BuddyMoE: Exploiting Expert Redundancy to Accelerate Memory-Constrained Mixture-of-Experts Inference

TL;DR

BuddyMoE addresses the memory bottleneck in inference for large Mixture-of-Experts models by exploiting functional redundancy among experts. It identifies functionally similar 'buddy' experts offline via co-activation analyses and uses a three-metric runtime policy to substitute missing GPU-resident experts with buddies, avoiding costly PCIe transfers. This approach yields substantial throughput gains (up to about 10% in the reported setup) with minimal accuracy degradation, and reduces PCIe bandwidth pressure by avoiding unnecessary data movement. The method enables more practical deployment of memory-hungry MoE models on memory-constrained hardware, providing a robust fallback for prefetch misses and complementing existing offloading and prefetching techniques.

Abstract

Mixture-of-Experts (MoE) architectures scale language models by activating only a subset of specialized expert networks for each input token, thereby reducing the number of floating-point operations. However, the growing size of modern MoE models causes their full parameter sets to exceed GPU memory capacity; for example, Mixtral-8x7B has 45 billion parameters and requires 87 GB of memory even though only 14 billion parameters are used per token. Existing systems alleviate this limitation by offloading inactive experts to CPU memory, but transferring experts across the PCIe interconnect incurs significant latency (about 10 ms). Prefetching heuristics aim to hide this latency by predicting which experts are needed, but prefetch failures introduce significant stalls and amplify inference latency. In the event of a prefetch failure, prior work offers two primary solutions: either fetch the expert on demand, which incurs a long stall due to the PCIe bottleneck, or drop the expert from the computation, which significantly degrades model accuracy. The critical challenge, therefore, is to maintain both high inference speed and model accuracy when prefetching fails.

Figures (9)

• Figure 1: Model size is scaling substantially faster than single-accelerator memory (2017–2025). Left (log) axis: relative model size; right axis: relative device memory, illustrating the widening gap.
• Figure 2: Architectural comparison between a standard Transformer block (a) and a MoE block (b). The MoE architecture replaces the single, dense FFN with a pool of experts, only a subset of which are activated per token.
• Figure 3: Overview of the expert prefetching pipeline.

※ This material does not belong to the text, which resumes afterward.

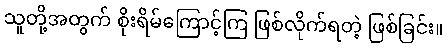
သူတို့အတွက် စိုးရိမ်ကြောင့်ကြ ဖြစ်လိုက်ရတဲ့ ဖြစ်ခြင်း။

While the GPU computes block i, the CPU uses the attention output to predict the required experts for the next block (i+1) and prefetches them. This overlaps I/O with computation to hide latency. A verification step is used to handle prediction mismatches.
• Figure 4: Expert similarity heatmap for a 64-expert MoE model. The intensity represents the functional similarity between expert pairs, with brighter regions indicating higher similarity. The prevalent bright areas demonstrate significant redundancy across experts, suggesting opportunities for expert substitution during cache misses.
• Figure 5: Overview of the buddy expert replacement system. The left panel shows the experts co-activation matrix derived from profiling data, where darker cells indicate higher co-activation frequency between expert pairs. The right panel illustrates the buddy replacing mechanism: (a) offline profiling identifies frequently co-activated experts with functional redundancy, and (b) runtime buddy replacing selectively substitutes GPU-resident experts with their CPU-based buddies based on activation patterns, token sensitivity, and expert distribution. The system dynamically determines replacement decisions through three key metrics (§3.1-§3.3) to minimize memory transfer overhead while maintaining model accuracy.